- **Task statement**:
In the entries that follow, find the line containing "<!-- Uploaded to: SVG"; from there, copy every line exactly through the line containing "451.74c12.75-7.371 23.375-17.996 30.746-30.746h148.43c7.375".

- **Data for the task**:
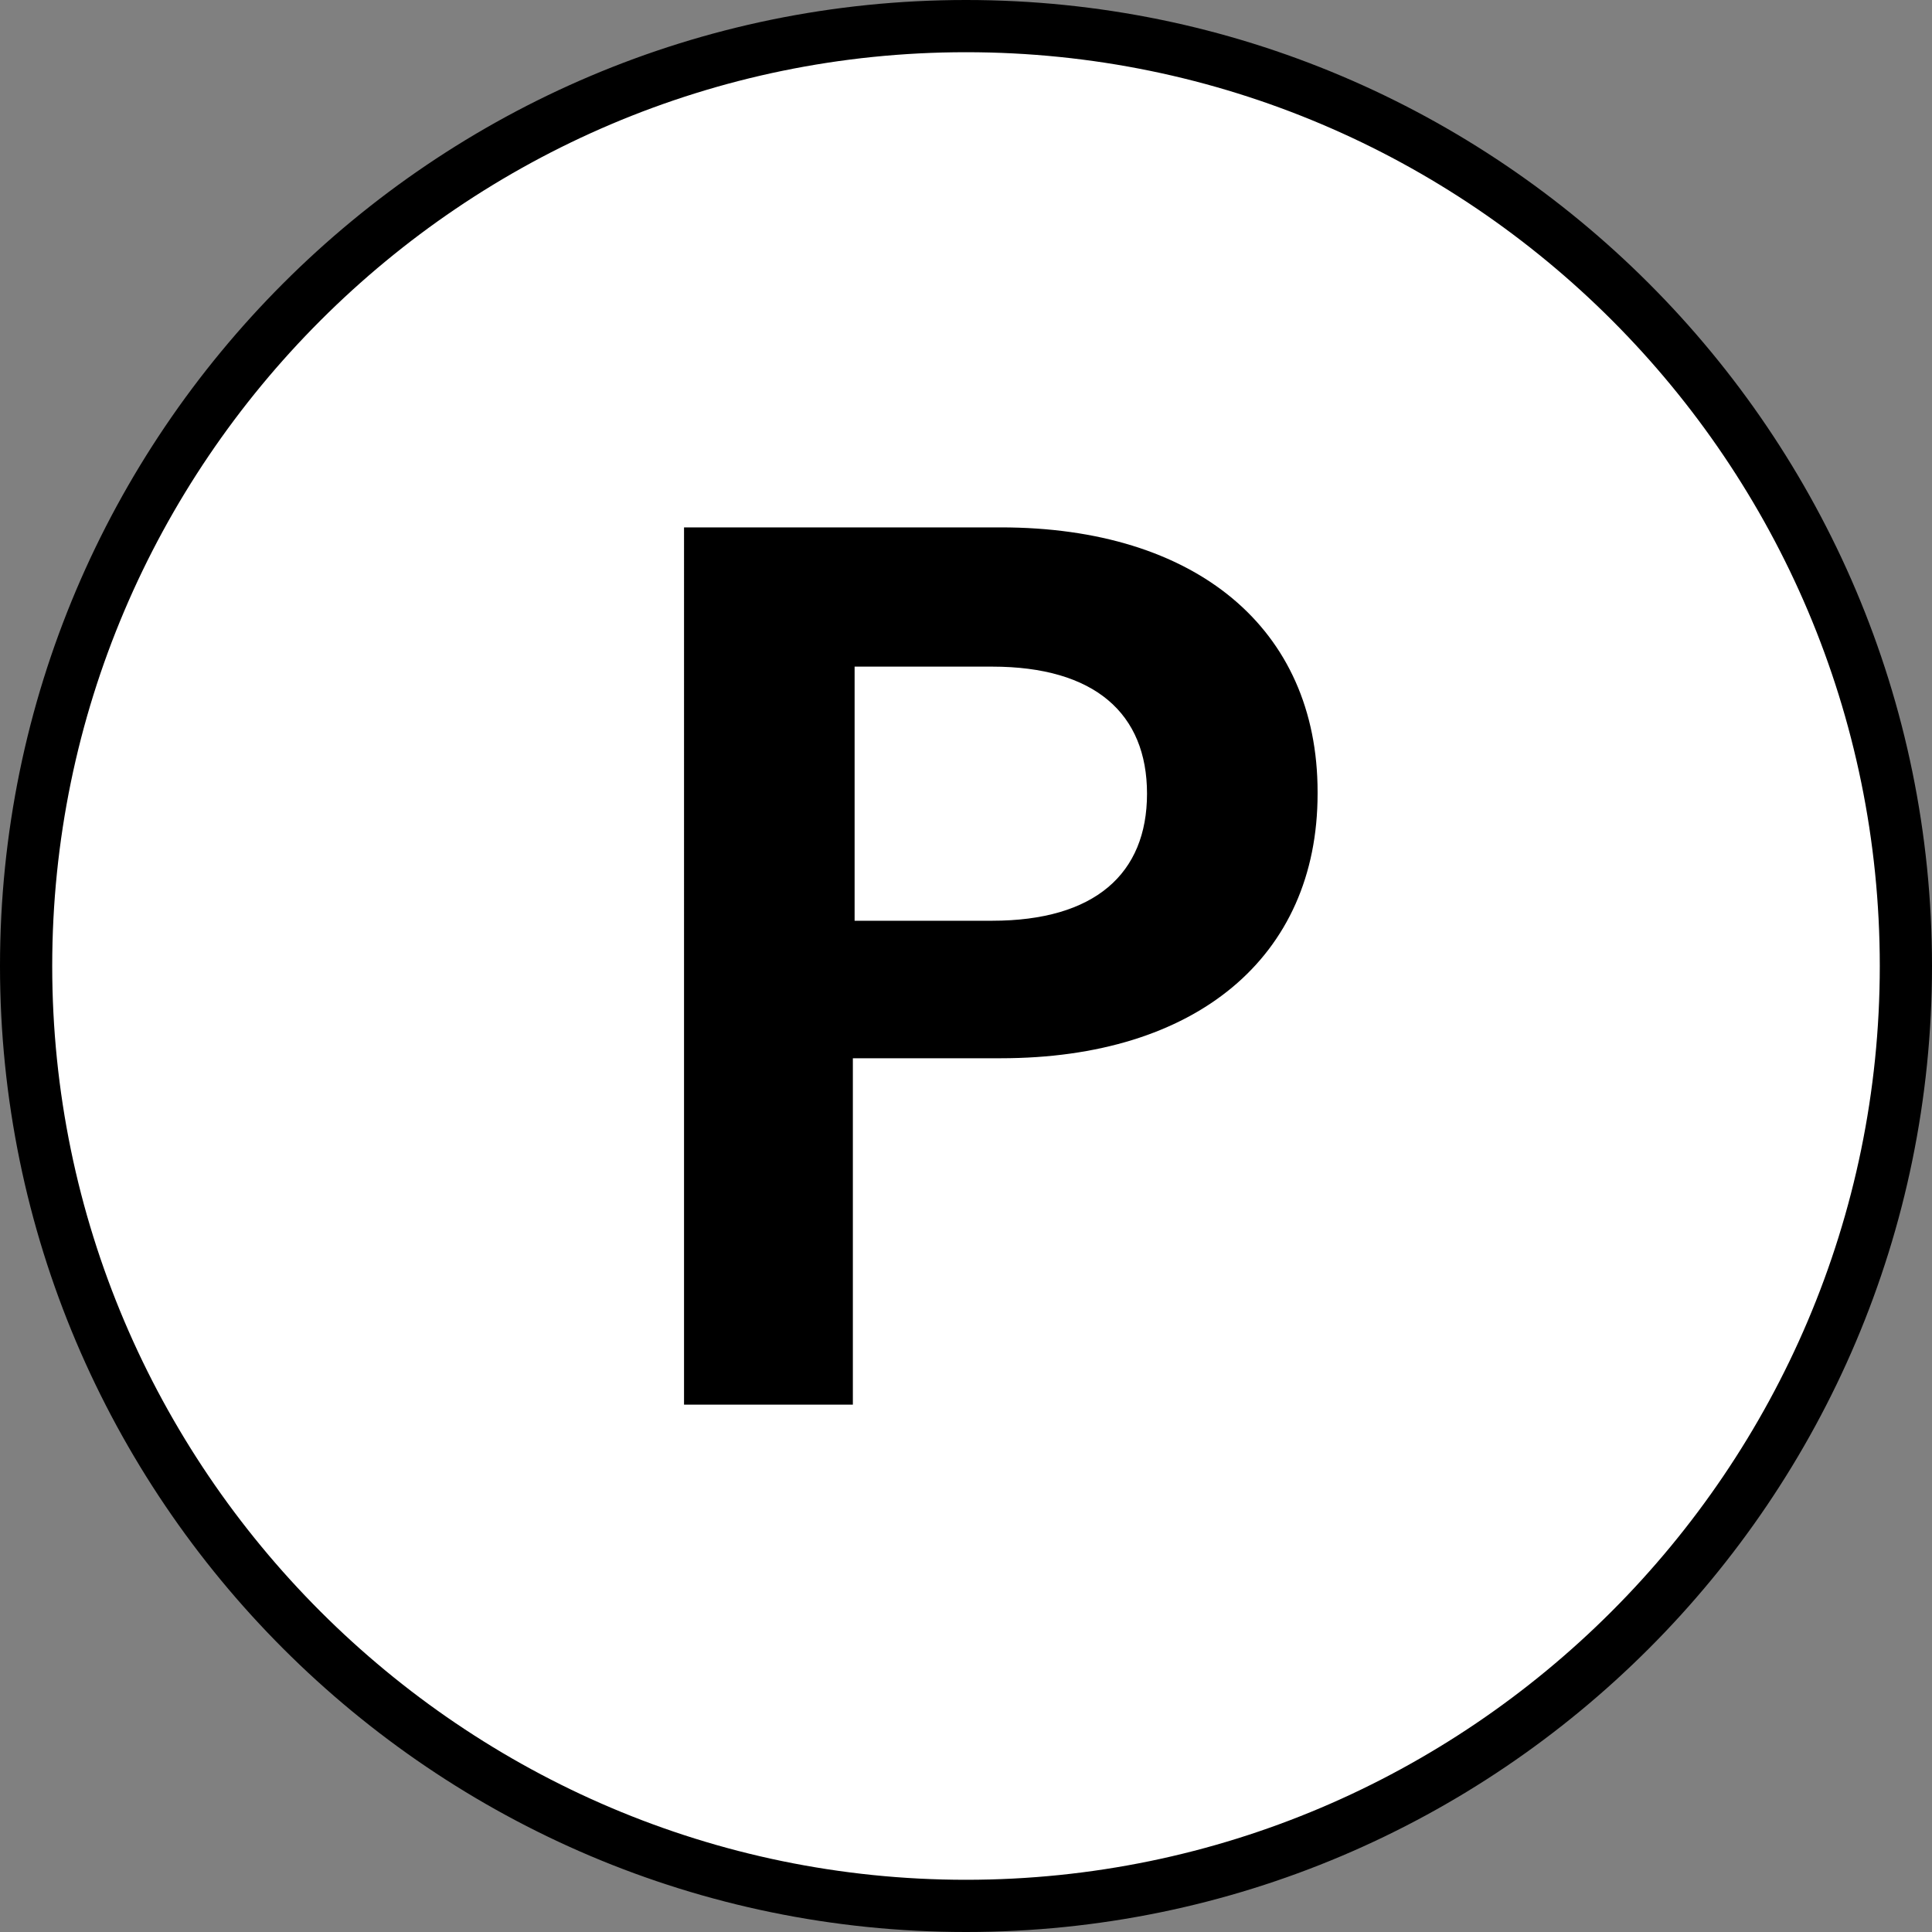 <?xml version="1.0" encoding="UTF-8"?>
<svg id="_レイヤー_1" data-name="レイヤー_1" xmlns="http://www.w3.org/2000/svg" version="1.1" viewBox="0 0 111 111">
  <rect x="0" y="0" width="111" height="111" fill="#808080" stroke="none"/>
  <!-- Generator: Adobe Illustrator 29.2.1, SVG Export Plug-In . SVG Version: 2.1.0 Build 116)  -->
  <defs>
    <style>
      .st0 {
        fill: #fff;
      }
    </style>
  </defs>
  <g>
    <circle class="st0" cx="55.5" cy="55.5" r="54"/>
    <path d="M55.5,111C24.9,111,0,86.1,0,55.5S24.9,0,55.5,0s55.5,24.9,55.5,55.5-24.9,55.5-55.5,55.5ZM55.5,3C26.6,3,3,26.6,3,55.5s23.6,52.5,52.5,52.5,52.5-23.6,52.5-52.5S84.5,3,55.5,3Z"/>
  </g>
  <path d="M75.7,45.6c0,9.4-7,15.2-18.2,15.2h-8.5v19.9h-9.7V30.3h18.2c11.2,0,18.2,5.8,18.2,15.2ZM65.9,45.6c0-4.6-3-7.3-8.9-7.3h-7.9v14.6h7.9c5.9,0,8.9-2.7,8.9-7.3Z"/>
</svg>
...
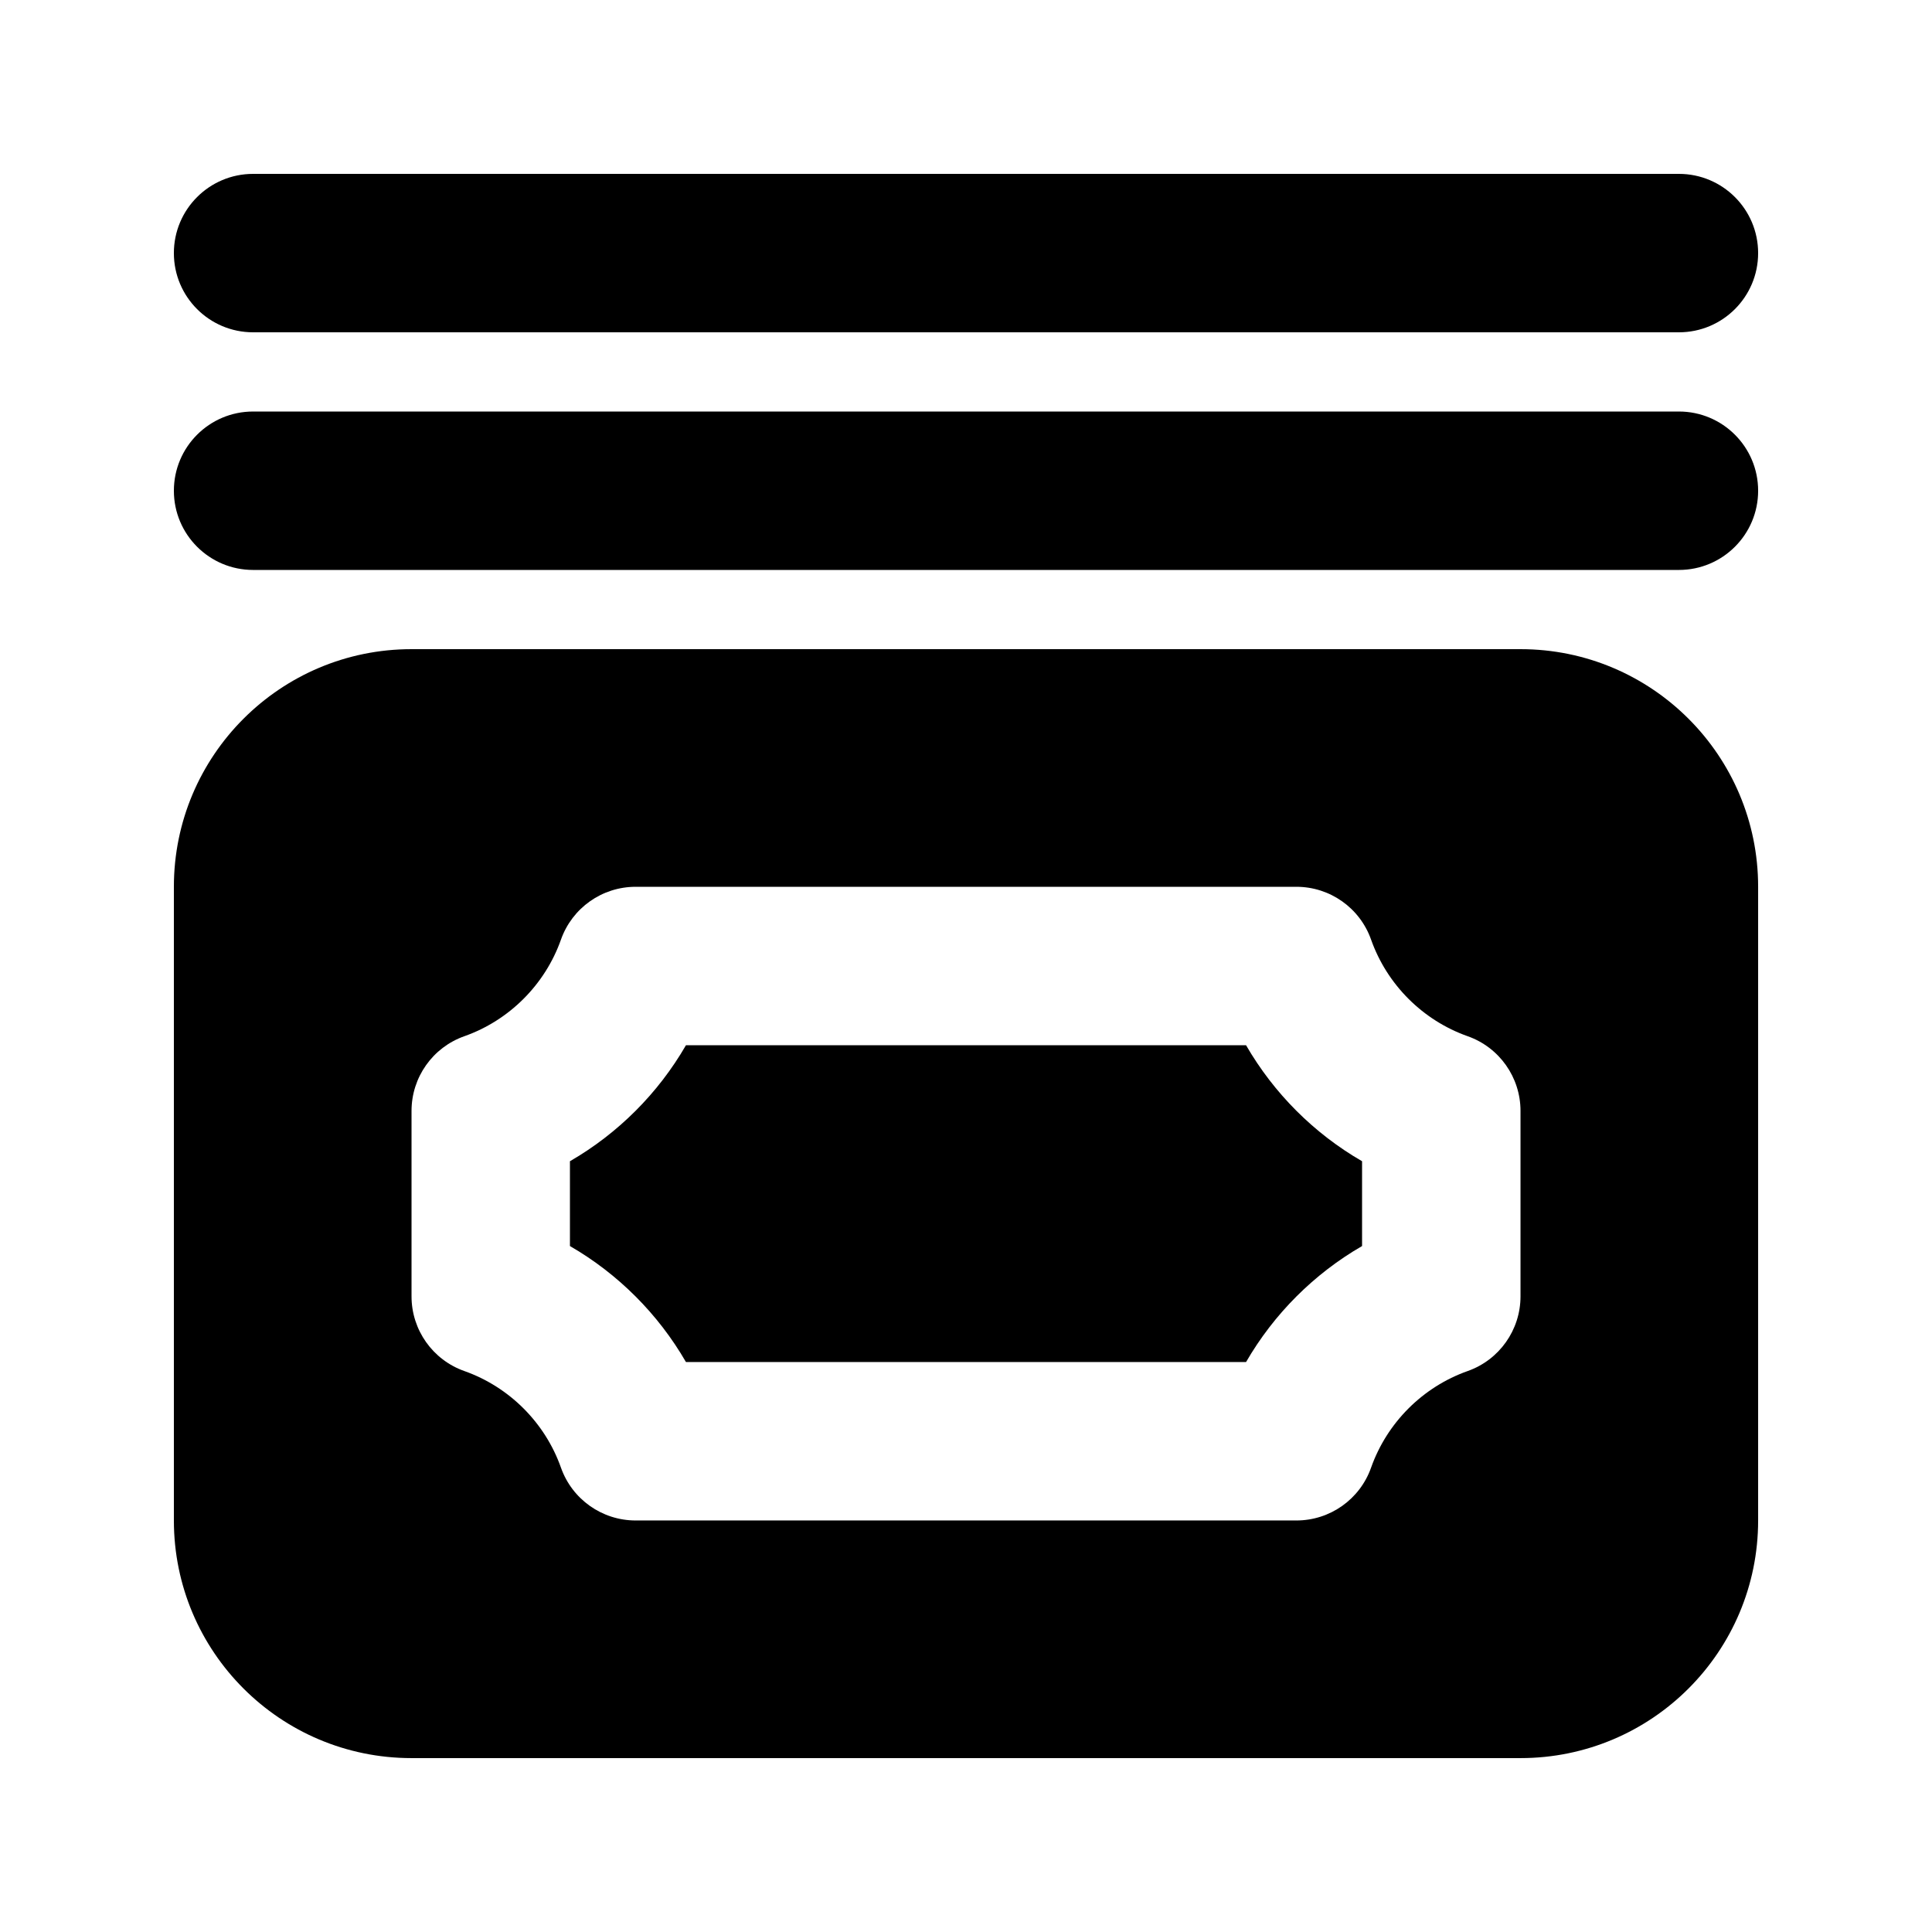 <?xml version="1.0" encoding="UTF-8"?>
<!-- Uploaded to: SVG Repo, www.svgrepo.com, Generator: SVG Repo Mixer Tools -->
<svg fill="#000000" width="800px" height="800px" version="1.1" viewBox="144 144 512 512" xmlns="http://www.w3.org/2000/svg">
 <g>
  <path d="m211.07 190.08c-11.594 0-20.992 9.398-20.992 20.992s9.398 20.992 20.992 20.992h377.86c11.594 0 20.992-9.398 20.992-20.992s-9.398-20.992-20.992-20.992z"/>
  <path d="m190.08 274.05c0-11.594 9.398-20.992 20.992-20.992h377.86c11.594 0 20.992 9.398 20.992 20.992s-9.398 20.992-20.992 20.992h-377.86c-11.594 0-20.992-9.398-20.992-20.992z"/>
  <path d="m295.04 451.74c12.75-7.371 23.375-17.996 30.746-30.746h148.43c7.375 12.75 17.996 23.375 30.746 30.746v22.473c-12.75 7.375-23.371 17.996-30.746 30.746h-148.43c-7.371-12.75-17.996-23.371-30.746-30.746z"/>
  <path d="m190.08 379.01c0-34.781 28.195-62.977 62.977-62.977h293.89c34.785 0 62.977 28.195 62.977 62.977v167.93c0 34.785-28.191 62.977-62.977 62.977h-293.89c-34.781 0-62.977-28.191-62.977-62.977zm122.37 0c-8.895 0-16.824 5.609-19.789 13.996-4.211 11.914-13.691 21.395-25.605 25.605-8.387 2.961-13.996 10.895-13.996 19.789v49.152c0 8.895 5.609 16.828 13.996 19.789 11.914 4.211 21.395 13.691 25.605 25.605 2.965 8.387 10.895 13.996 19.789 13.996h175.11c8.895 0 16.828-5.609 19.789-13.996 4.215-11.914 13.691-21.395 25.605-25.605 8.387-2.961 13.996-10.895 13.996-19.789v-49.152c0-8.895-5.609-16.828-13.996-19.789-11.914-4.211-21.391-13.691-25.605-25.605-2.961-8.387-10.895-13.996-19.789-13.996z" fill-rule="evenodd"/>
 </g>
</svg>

- **Answer for this exercise**:
<!-- Uploaded to: SVG Repo, www.svgrepo.com, Generator: SVG Repo Mixer Tools -->
<svg fill="#000000" width="800px" height="800px" version="1.1" viewBox="144 144 512 512" xmlns="http://www.w3.org/2000/svg">
 <g>
  <path d="m211.07 190.08c-11.594 0-20.992 9.398-20.992 20.992s9.398 20.992 20.992 20.992h377.86c11.594 0 20.992-9.398 20.992-20.992s-9.398-20.992-20.992-20.992z"/>
  <path d="m190.08 274.05c0-11.594 9.398-20.992 20.992-20.992h377.86c11.594 0 20.992 9.398 20.992 20.992s-9.398 20.992-20.992 20.992h-377.86c-11.594 0-20.992-9.398-20.992-20.992z"/>
  <path d="m295.04 451.74c12.75-7.371 23.375-17.996 30.746-30.746h148.43c7.375 12.75 17.996 23.375 30.746 30.746v22.473c-12.75 7.375-23.371 17.996-30.746 30.746h-148.43c-7.371-12.75-17.996-23.371-30.746-30.746z"/>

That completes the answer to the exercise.